Observational constraints on cosmic parameters of holographic dark energy model with varying interaction

Abstract

The property of dark energy, which is predicted as the physical reason for the accelerated expansion of the present universe and the coincidence problem by which are suppressed many dark energy models are two of the most difficult problems in modern cosmology. From the Wilkinson Microwave Anisotropy Probe (WMAP) the dark energy contributes about 73% of the total energy of the present universe. Also, the observations of type Ia supernovae (SNIa) suggest that the dark energy which have a huge negative pressure, yields to the transition of the universe from a deceleration to an acceleration phase at some redshift.

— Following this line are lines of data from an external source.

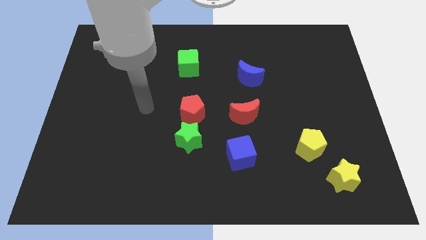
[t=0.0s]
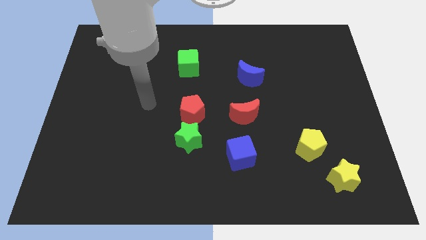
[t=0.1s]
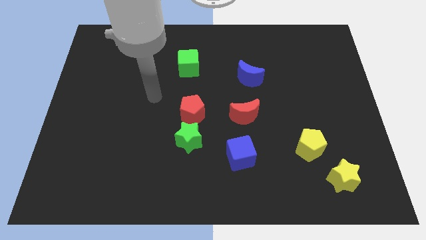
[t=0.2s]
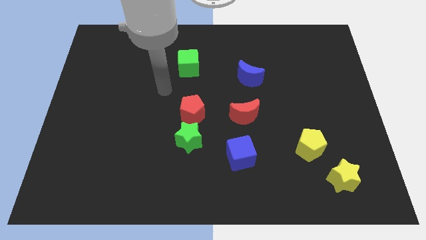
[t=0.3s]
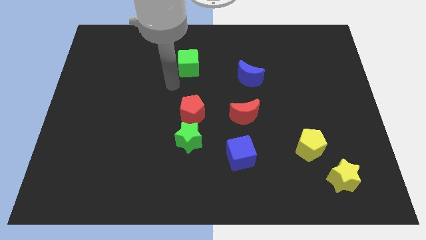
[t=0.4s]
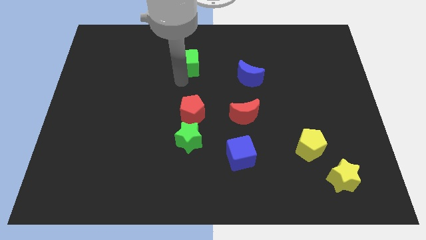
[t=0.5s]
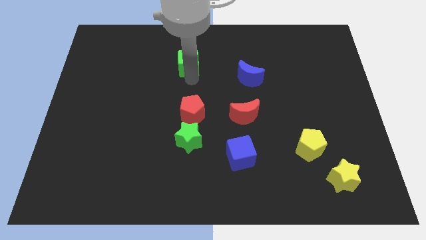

We use the observation data for the SNIa, Cosmic Microwave Background (CMB) shift parameter, Baryonic Acoustic Oscillations (BAO) peak parameters and Hubble parameters to the transition of the universe and the consideration of the coincidence problem. In this work we reconstruct the interaction between HDE and DM, in which the coupling parameter is parameterized by the well-known Wetterich parameterization and is considered the evolution of the dark matter energy density. Our calculations show that the accurately calculated transition redshift is \(z_{t} = 0.89\) in the obtained model. We also calculate the present deceleration parameter \(q_{0}\) (−0.92) and resolve the coincidence problem.